P. Lapousterle : Et comment expulse-t-on les gens sans charter, comment fait-on ?
G. Sarre : C’est tout à fait simple, à partir du moment où il y aura des projets qui seront cofinancés pour certains d’entre eux par la France...
P. Lapousterle : Mais pour ceux qui sont déjà irréguliers ?

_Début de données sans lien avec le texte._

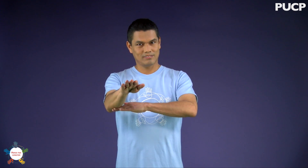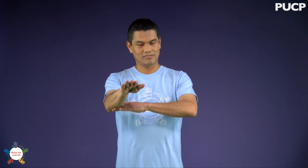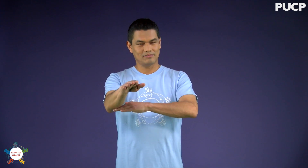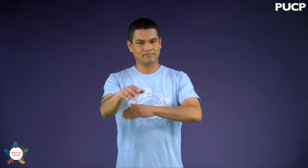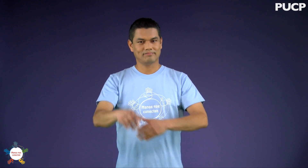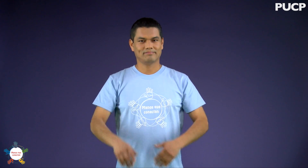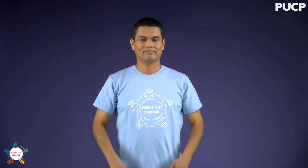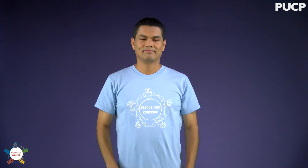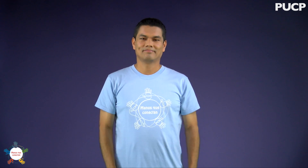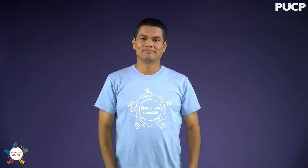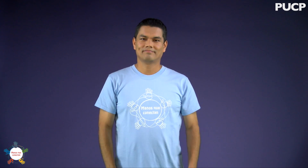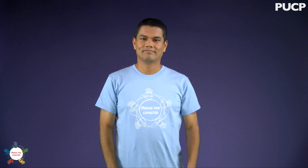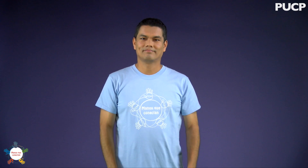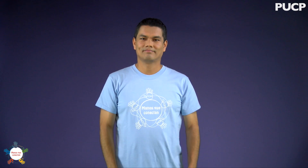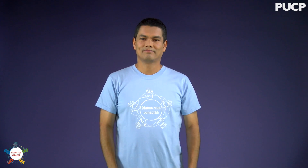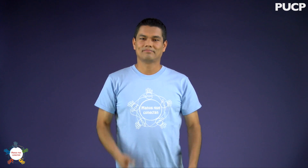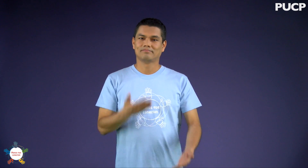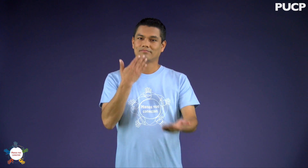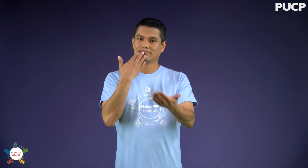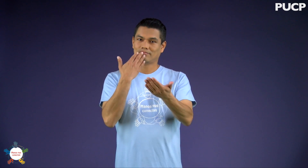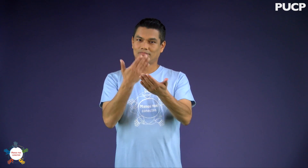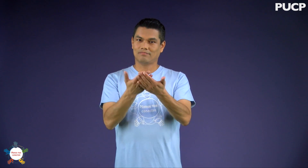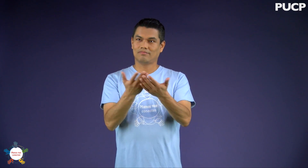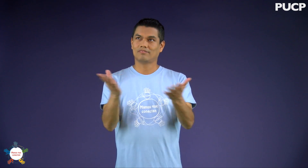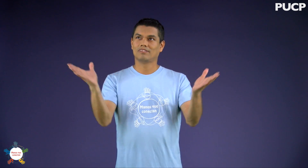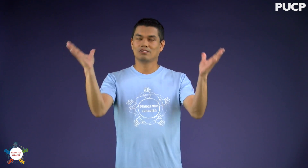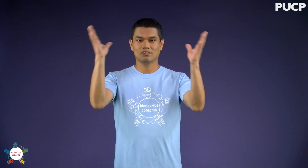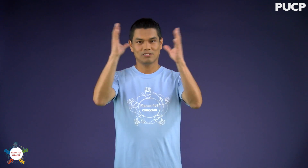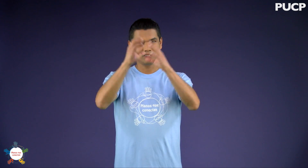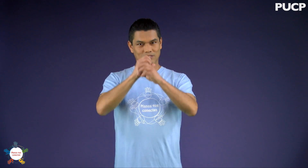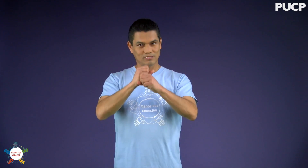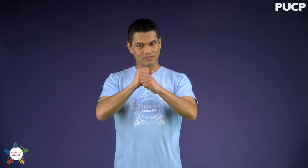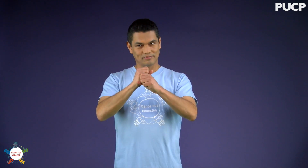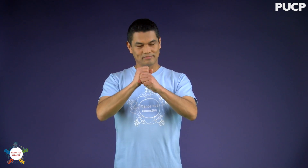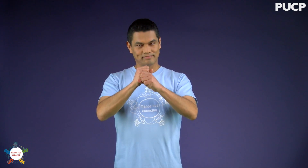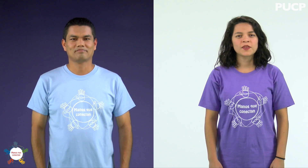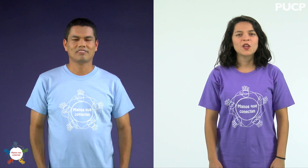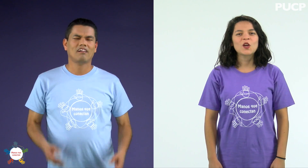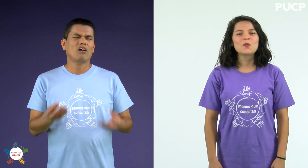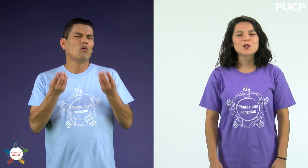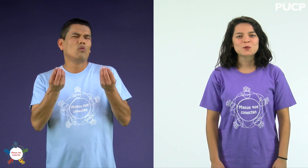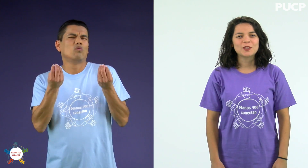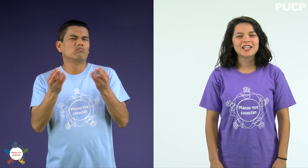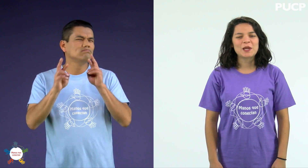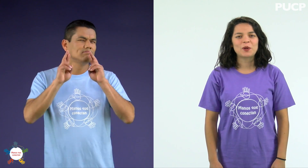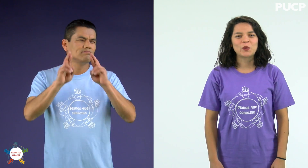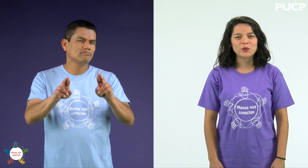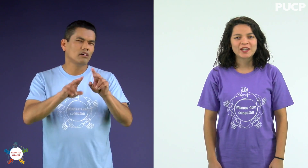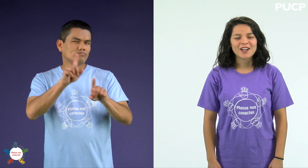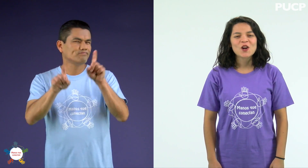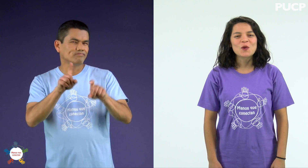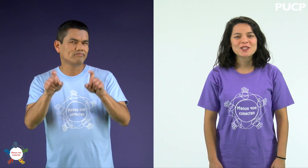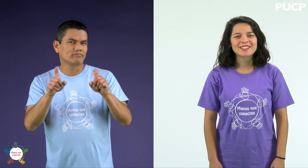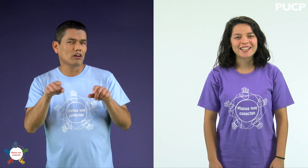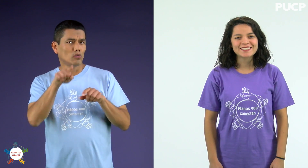¡Bienvenidos a Manos que Conectan! ¡Buenas noches! ¿Y cómo responder a la pregunta ¿Cómo estás?

G. Sarre : C’est avec le gouvernement malien, puisqu’on parle de celui-ci, à Bamako, que les choses pourront se mettre en place progressivement Vous le savez, S. Naïr a été missionné par le Premier ministre pour faire des propositions. C’est dans ce cadre-là que cette politique sera développée, la seule praticable. Toutes les autres ont échoué. Tous les bravaches qui, aujourd’hui, nous rappellent... Écoutez, s’il y a tant d’immigrés aujourd’hui en situation irrégulière en France, c’est bien qu’on les a trouvés à notre arrivée au pouvoir. M. Debré et son prédécesseur M. Pasqua avaient fait des textes, avaient fait voter des lois, des déclarations. Mais en réalité, la loi n’était que très très partiellement appliquée.
P. Lapousterle : Est-ce qu’à votre avis M. Jospin n’a pas un peu mordu sur ce que l’on appelle le domaine partagé, en parlant en Afrique, comme si..., haut et fort, définissant la politique africaine de la France ?

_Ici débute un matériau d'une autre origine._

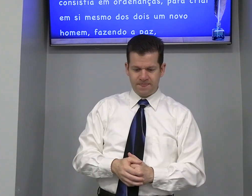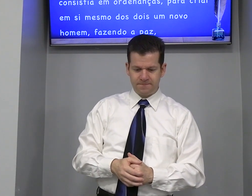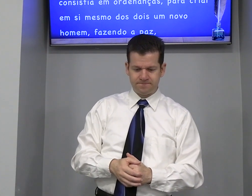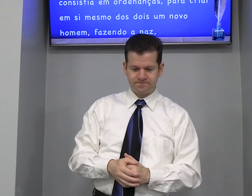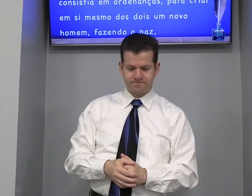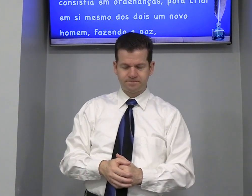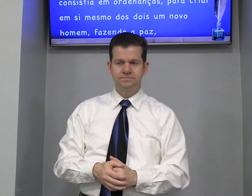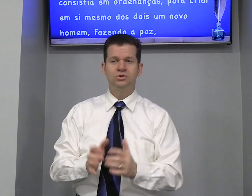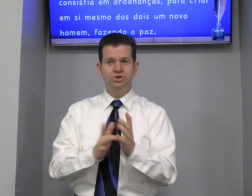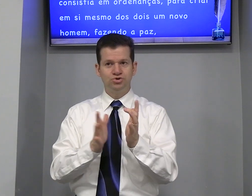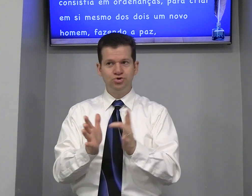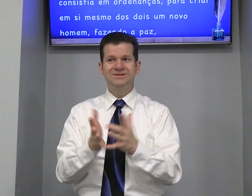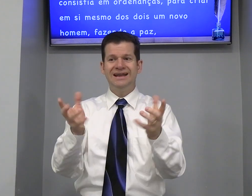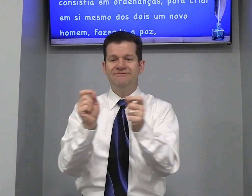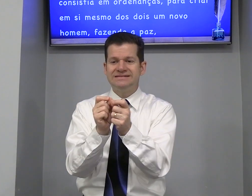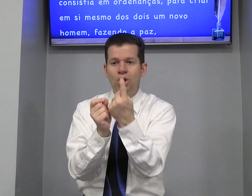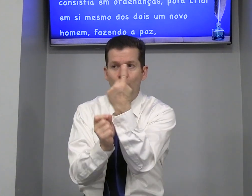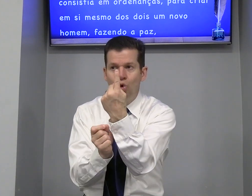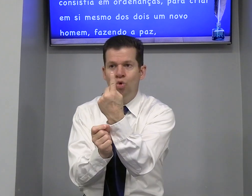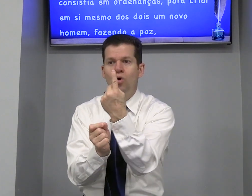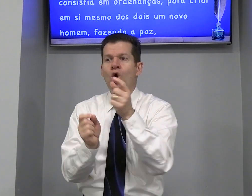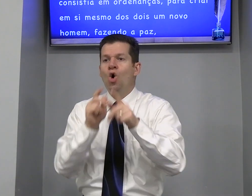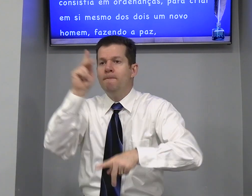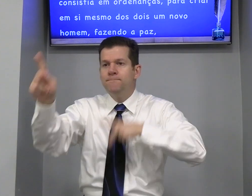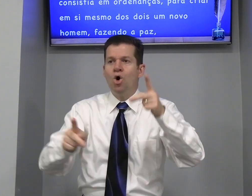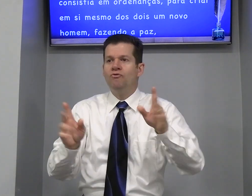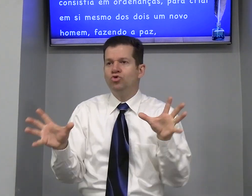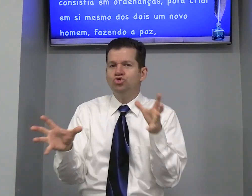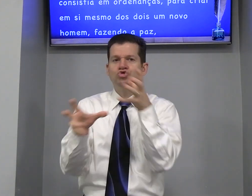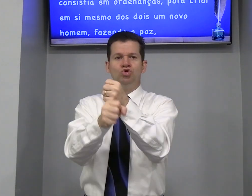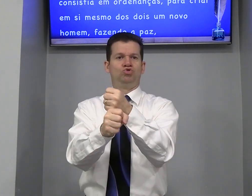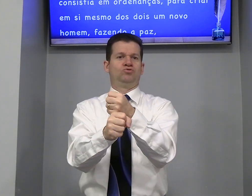Então Jesus Jesus Queria fazer Um Po Junto

G. Sarre : Non, le Premier ministre est pleinement dans son rôle, il est le chef du Gouvernement et je pense que notre souci d’intégrer la politique de coopération dans une politique plus large de politique étrangère de la France, c’est-à-dire qu’il n’y aurait plus à terme de ministère de la Coopération, ce serait de mon point de vue – et je n’engage que moi en disant cela – une bonne façon de traiter les problèmes. Donc, il n’a pas mordu le trait. Le président de la République a une fonction éminente, le chef du Gouvernement n’est pas là pour couper les rubans et inaugurer simplement les monuments français.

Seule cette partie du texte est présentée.